North-south routes are present between the firewall and the core switch, including routes from the campus intranet to external networks on the core switch as well as return routes from external networks to the campus intranet on the firewall. In the virtualization solution for large- and medium-sized campus networks, under the external network resource model designed for the fabric, the routing protocol used for Layer 3 connectivity between the firewall and the core switch (border node) can be static routing, OSPF, or BGP. Generally, two firewalls are deployed in HSB mode to ensure reliability. When selecting a routing protocol, take into consideration how to switch the service traffic path in an active/standby switchover scenario.

• Static routing

  If two firewalls implement HSB by operating as a VRRP master and a VRRP backup, static routing is recommended. As illustrated in Figure 2-52, a default static route is configured on the core switch, with the next hop being the virtual IP address of the VRRP group. When the master firewall in the VRRP group is in the master state, it responds to the ARP request containing a virtual IP address sourcing from the core switch. In this way, the service traffic on the core switch can be diverted to the master firewall for processing.

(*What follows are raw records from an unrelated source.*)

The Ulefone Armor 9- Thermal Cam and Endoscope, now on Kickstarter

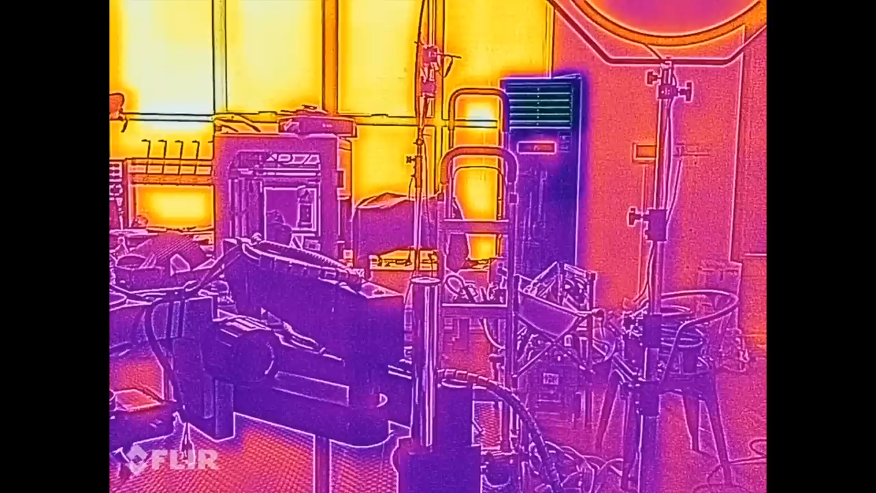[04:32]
And you can see the AC part is darker than the other part. The window is much brighter.
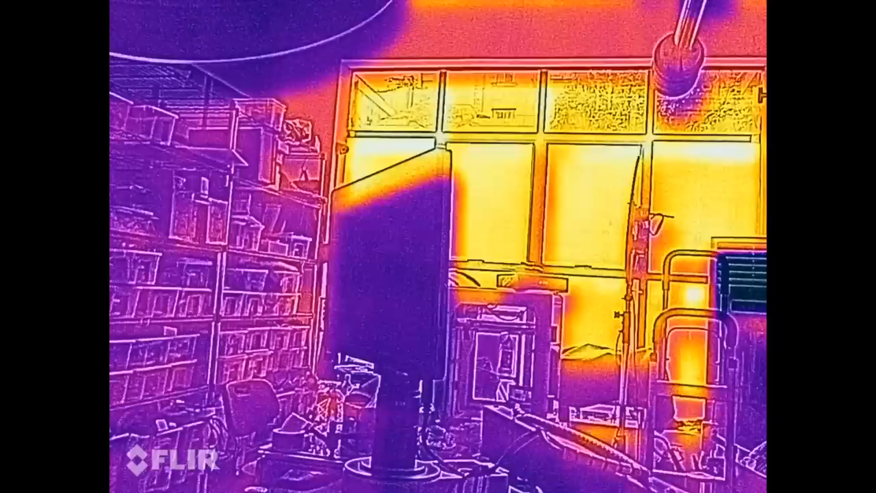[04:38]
And then let's compare it with the BV9900.
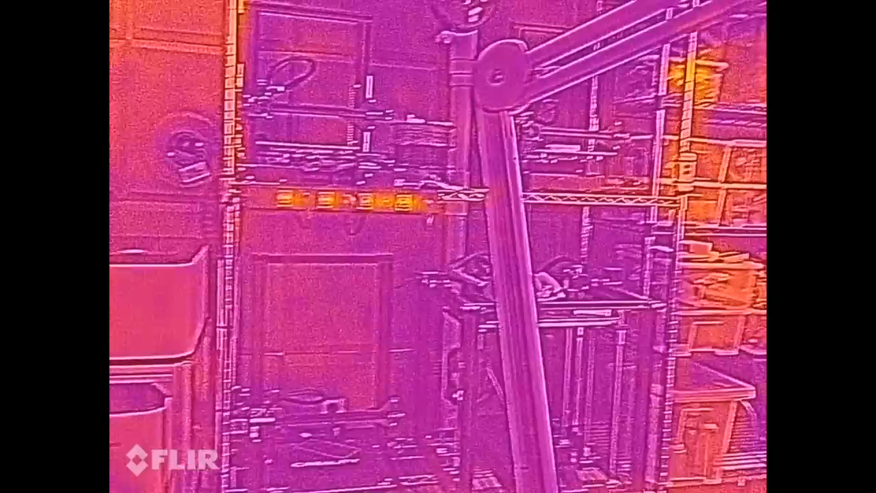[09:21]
As far as the thermal camera and most basic functions
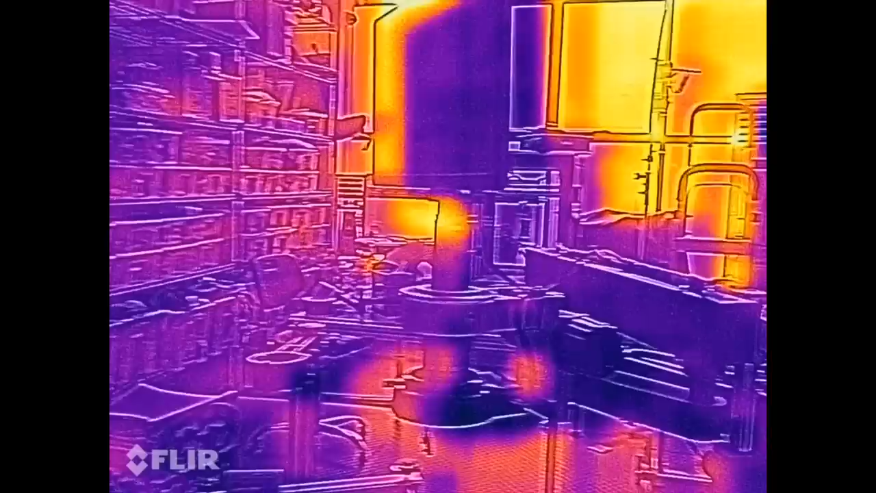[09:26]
go- the Armour Knight is pretty much a head-to-head competitor with the BB9900 Pro.
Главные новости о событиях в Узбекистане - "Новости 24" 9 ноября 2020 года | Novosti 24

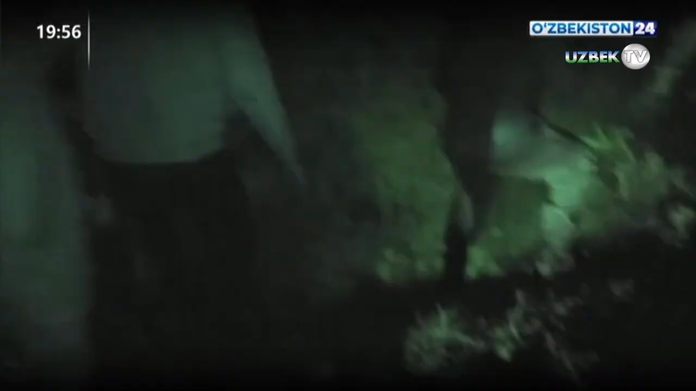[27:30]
Во время оперативного мероприятия сотрудниками управления СГБ по Сардаринской области был задержан Шавкат Назаров при попытке
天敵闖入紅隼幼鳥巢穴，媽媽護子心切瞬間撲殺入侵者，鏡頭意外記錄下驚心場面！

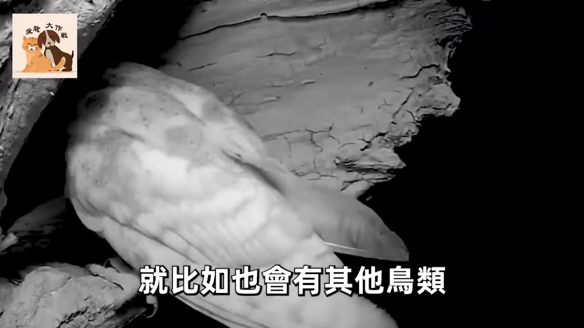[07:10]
想要居住进来。但是里面因为有红笋幼鸟的缘故,它们的父母就会将这些鸟类当成是入侵者,从而发起攻击。
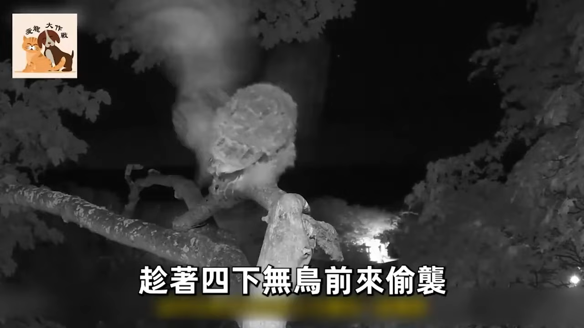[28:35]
夜晚的猫头鹰趁着四下五秒前来偷袭,此性红笋会立刻张开翅膀,用力找攻击对方,即便拼上性命,也绝不会让对方踏入自己的巢穴半步,
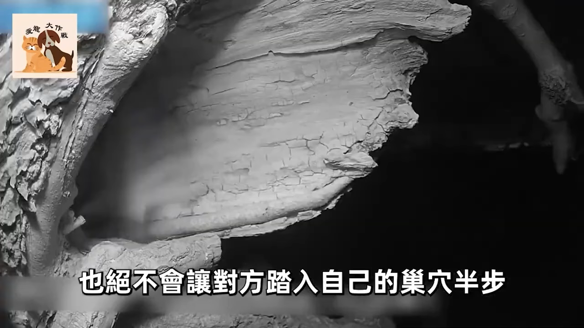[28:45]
因为他们的孩子还没有出生。如果夭折那么,对红笋夫妻无疑是一个严重的打击,而当危险解除后,
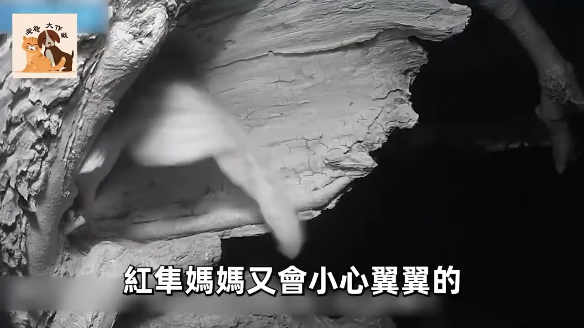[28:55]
红笋妈妈又会小心翼翼地照顾好自己的蛋。33天后,第一只雏鸟破壳而出,
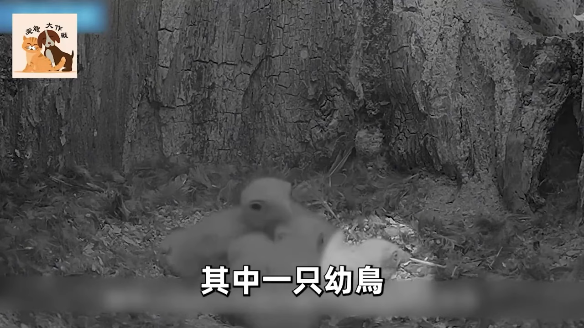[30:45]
这一天,丈夫依旧没能带回食物,其中一只幼鸟也因为食物短缺而失去生命。几个小时后,虚弱的幼崽停止了呼吸,
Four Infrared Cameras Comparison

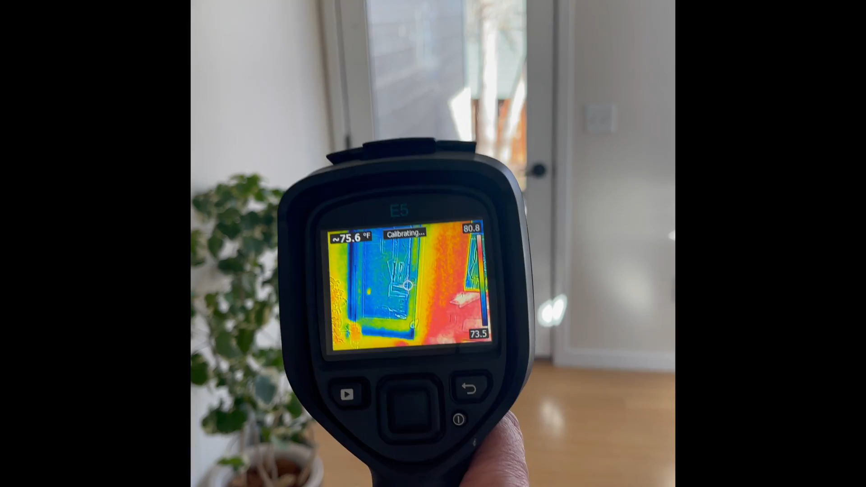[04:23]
On screen: spot 75.6°F
FLIR FLIR E5. And that's what it looks like.
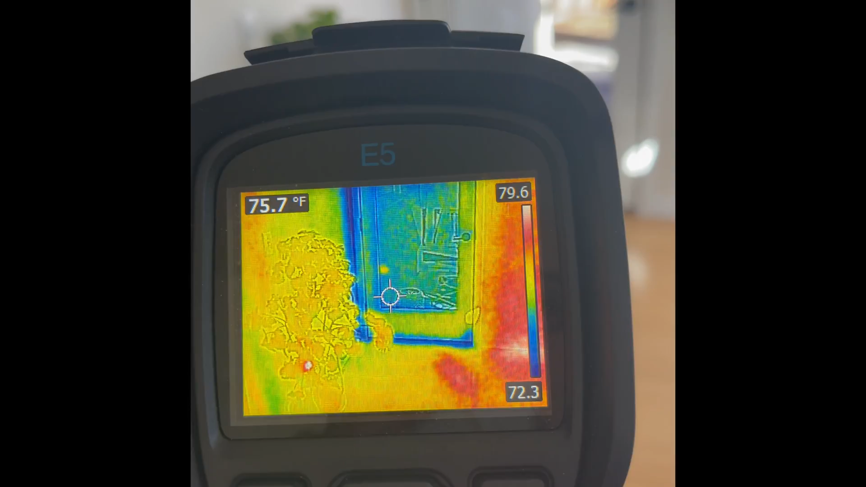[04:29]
On screen: spot 75.7°F
You can see that the door itself, there's some cold air on the corner.
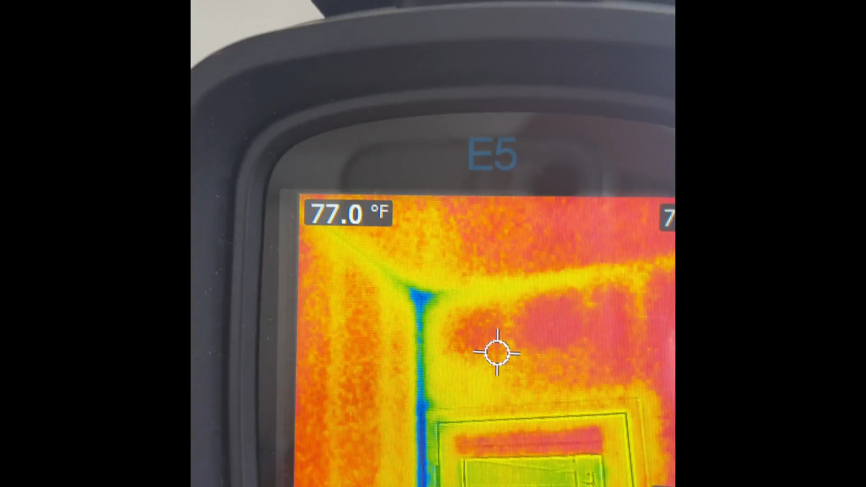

  In the event of a failure on the master firewall, the backup firewall in the VRRP group becomes the new master and broadcasts a gratuitous ARP packet that carries the virtual IP address of the VRRP group and the MAC address of the corresponding interface (virtual MAC address is carried if the virtual MAC address function is enabled on the interface). After receiving the gratuitous ARP packet, the core switch updates its ARP table. Thus, the service traffic path is switched to the backup firewall.

  Figure 2-52 Using static routing between the firewall and the core switch
  
• Dynamic routing

  If VRRP is not deployed on firewalls, dynamic routing can be used to implement automatic switching of the service traffic path. In this case, you need to run the hrp standby-device command on the standby firewall to set it to the standby state. As shown in Figure 2-53, OSPF is used as an example. When both the active and standby firewalls work properly, the active firewall advertises routes based on the OSPF configuration, and the cost of the OSPF routes advertised by the standby firewall is adjusted to 65500 (default value, which can be changed). In such a scenario, the core switch selects a path with a smaller cost to forward traffic, and all service traffic is diverted to the active firewall for forwarding.

  If the active firewall is faulty, the standby firewall converts to the active state. In addition, the VRRP Group Management Protocol (VGMP) adjusts the cost of the OSPF routes advertised by the active firewall to 65500 and that of the OSPF routes advertised by the standby firewall to 1. After route convergence is complete, the service traffic path is switched to the standby firewall.

  Figure 2-53 Using dynamic routing between the firewall and the core switch
  

For details about the deployment when using different routing protocols between the firewall and the core switch, see the external network design in Fabric Network Design.